▶ Task to carry out
A faithful copy of all the data below, please; leave no line out.

*** Opening of Provided data ***

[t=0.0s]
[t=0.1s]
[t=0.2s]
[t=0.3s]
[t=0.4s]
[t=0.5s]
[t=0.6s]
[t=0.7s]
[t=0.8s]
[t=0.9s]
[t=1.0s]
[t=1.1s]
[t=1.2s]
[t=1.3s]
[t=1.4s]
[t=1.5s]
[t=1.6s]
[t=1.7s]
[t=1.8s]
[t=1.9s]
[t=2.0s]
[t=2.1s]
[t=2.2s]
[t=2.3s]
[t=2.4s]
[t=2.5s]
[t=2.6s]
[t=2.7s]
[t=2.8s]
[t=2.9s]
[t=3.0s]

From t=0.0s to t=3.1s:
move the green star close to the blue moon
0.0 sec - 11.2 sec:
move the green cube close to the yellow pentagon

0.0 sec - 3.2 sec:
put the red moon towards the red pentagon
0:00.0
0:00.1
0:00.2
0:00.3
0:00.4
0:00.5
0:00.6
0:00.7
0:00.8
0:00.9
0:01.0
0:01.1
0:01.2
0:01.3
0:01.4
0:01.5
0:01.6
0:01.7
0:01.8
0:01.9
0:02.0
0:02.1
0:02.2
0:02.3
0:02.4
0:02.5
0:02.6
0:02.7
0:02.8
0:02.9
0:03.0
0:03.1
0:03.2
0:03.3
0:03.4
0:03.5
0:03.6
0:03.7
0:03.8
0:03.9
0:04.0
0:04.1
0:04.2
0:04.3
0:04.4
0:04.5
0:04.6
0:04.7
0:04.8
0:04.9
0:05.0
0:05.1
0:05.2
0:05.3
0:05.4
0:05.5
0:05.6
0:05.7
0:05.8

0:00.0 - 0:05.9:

*** Close of Provided data ***

▶ Your solution
[t=0.0s]
[t=0.1s]
[t=0.2s]
[t=0.3s]
[t=0.4s]
[t=0.5s]
[t=0.6s]
[t=0.7s]
[t=0.8s]
[t=0.9s]
[t=1.0s]
[t=1.1s]
[t=1.2s]
[t=1.3s]
[t=1.4s]
[t=1.5s]
[t=1.6s]
[t=1.7s]
[t=1.8s]
[t=1.9s]
[t=2.0s]
[t=2.1s]
[t=2.2s]
[t=2.3s]
[t=2.4s]
[t=2.5s]
[t=2.6s]
[t=2.7s]
[t=2.8s]
[t=2.9s]
[t=3.0s]

From t=0.0s to t=3.1s:
move the green star close to the blue moon
0.0 sec - 11.2 sec:
move the green cube close to the yellow pentagon

0.0 sec - 3.2 sec:
put the red moon towards the red pentagon
0:00.0
0:00.1
0:00.2
0:00.3
0:00.4
0:00.5
0:00.6
0:00.7
0:00.8
0:00.9
0:01.0
0:01.1
0:01.2
0:01.3
0:01.4
0:01.5
0:01.6
0:01.7
0:01.8
0:01.9
0:02.0
0:02.1
0:02.2
0:02.3
0:02.4
0:02.5
0:02.6
0:02.7
0:02.8
0:02.9
0:03.0
0:03.1
0:03.2
0:03.3
0:03.4
0:03.5
0:03.6
0:03.7
0:03.8
0:03.9
0:04.0
0:04.1
0:04.2
0:04.3
0:04.4
0:04.5
0:04.6
0:04.7
0:04.8
0:04.9
0:05.0
0:05.1
0:05.2
0:05.3
0:05.4
0:05.5
0:05.6
0:05.7
0:05.8

0:00.0 - 0:05.9:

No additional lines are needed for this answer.